/similar-images-remover

A Python tool to identify and remove similar-looking images from a dataset. Utilizes image preprocessing and hashing techniques for efficient comparison.

Primary LanguagePython

Similar Images Remover Tool

Description

This program is designed to find and remove similar-looking images in a folder containing a dataset of images collected from cameras. The goal is to optimize the dataset by removing duplicated or almost duplicated images that have minor differences and are considered non-essential for data collection and object recognition tasks.

The program uses provided functions for image comparison from imaging.py to assess the similarity between images. Specifically, it leverages the preprocess_image_change_detection function to preprocess the images and the compare_frames_change_detection function to compute a similarity score between a pair of images.

Installation

To run the program, follow these steps:

  1. Clone this GitHub repository to your local machine.
  2. Ensure you have Python installed (version 3.6 or later).
  3. Install the required libraries by running: pip install -r requirements.txt.

Usage

  1. Unzip your dataset (Eg. dataset.zip) into a folder.
  2. Execute the program by running the following command in the terminal:

python similar_images_remover.py --folder_path "/path/to/dataset_folder"

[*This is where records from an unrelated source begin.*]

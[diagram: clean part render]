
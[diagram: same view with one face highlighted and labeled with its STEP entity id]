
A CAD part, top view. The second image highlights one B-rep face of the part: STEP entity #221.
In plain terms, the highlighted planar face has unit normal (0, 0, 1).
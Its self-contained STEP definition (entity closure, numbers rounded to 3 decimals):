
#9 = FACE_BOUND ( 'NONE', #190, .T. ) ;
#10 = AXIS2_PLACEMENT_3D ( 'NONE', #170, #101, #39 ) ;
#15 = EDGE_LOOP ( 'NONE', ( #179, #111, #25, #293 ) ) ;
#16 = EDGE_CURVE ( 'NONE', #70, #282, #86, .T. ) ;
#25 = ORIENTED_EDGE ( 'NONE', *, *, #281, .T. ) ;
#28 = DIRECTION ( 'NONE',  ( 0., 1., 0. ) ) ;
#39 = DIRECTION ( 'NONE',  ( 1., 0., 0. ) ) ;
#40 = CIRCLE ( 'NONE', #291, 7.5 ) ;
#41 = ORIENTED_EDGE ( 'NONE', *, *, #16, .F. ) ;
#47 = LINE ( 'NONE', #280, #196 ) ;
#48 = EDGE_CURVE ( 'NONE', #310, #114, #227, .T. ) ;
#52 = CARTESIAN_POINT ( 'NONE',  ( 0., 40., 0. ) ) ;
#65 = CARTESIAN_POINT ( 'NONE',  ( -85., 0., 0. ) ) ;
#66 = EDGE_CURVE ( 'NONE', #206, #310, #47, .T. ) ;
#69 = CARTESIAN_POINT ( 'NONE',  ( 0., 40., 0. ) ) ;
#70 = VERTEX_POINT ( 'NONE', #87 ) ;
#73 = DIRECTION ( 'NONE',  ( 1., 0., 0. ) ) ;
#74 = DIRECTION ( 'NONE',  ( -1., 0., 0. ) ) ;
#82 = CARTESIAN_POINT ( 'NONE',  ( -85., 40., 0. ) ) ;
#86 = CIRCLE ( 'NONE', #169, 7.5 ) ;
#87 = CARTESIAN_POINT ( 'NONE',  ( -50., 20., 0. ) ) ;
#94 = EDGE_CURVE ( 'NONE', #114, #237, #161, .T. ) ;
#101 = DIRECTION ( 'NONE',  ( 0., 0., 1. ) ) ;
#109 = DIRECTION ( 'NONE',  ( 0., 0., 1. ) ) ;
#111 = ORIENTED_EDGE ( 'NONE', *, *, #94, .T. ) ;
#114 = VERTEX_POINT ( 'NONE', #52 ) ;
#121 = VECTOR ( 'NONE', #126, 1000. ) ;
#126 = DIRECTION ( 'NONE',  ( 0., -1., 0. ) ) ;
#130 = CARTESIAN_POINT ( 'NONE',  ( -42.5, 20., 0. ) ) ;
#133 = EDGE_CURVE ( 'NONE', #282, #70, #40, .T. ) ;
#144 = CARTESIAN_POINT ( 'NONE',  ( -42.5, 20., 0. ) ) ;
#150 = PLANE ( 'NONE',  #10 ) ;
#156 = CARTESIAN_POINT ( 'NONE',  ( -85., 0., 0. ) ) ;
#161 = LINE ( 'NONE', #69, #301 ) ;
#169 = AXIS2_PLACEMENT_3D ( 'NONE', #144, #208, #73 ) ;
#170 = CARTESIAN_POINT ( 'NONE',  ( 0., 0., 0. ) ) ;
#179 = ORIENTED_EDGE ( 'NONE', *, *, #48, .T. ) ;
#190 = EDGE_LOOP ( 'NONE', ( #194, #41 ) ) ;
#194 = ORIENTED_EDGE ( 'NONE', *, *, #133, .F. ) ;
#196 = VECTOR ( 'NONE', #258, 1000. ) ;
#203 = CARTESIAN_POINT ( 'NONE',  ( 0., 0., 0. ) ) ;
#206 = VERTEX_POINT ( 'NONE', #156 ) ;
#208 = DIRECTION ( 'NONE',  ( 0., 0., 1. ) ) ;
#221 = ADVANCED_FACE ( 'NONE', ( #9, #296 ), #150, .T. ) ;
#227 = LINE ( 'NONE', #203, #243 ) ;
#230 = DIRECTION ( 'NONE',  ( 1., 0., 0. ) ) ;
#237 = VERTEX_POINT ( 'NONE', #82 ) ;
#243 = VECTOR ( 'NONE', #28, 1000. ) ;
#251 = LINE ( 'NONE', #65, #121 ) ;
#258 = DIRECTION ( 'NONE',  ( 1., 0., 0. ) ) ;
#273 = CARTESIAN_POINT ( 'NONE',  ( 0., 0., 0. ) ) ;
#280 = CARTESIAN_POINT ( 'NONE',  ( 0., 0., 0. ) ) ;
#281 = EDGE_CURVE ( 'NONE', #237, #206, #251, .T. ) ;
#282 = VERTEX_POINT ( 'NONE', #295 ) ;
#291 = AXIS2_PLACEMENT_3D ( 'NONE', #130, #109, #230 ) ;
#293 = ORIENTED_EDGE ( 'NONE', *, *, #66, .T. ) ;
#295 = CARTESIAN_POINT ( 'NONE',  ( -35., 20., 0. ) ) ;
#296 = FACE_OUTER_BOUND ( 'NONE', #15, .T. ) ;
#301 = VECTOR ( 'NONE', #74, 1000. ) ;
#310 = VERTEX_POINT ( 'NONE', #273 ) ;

Replace "/path/to/dataset_folder" with the path to the folder containing your dataset.

Hyperparameters

Hyperparameter Description Default Value
--threshold Adjusts the similarity threshold for image removal. (Lower values result in stricter removal.) 0.85
--min_contour_area Minimum contour area for image comparison. (Lower values result in stricter removal.) 500
--gaussian_blur_radius A list of Gaussian blur radii for image preprocessing to remove high frequency features. ["None"]
--black_mask Percentage values (left, top, right, bottom) for the black mask applied to image borders. (0, 15, 0, 0)
--frame_change_thresh Threshold to convert grayscale images into binary. 25
--resize_shape Size to reshape the images. (200,200)

Output

The script will save the detected similar images along with their similarity scores to a text file for further analysis. The similar images will be removed from the dataset folder and the removed images will be moved to the removed_images directory.

Features

  • Automated Similarity Detection: The tool employs classical image comparison techniques to automatically detect and identify similar-looking images within the dataset. It uses a combination of preprocessing and contour analysis to ensure accurate and reliable similarity detection.

  • Adjustable Similarity Threshold: Users have the flexibility to fine-tune the similarity threshold (--threshold) to control the strictness of image removal. This allows for customization based on the specific requirements of the dataset and object recognition tasks.

  • Visual Preprocessing Analysis: The tool provides a built-in functionality to visualize the preprocessing steps applied to the images (using visualize_preprocess_image). Users can experiment with different Gaussian blur radii (--gaussian_blur_radius) and black mask percentages (--black_mask) to understand their impact on image similarity scores. The Gaussian blur radius list determines the radius of the blurring kernel used for smoothing the images, while the black mask percentages control the size of the black mask applied to the image borders.

  • Smart Data Optimization: By removing duplicated or nearly identical images, the Similar Images Removal Tool efficiently optimizes the dataset. This optimization leads to reduced storage requirements, faster training times, and improved model generalization.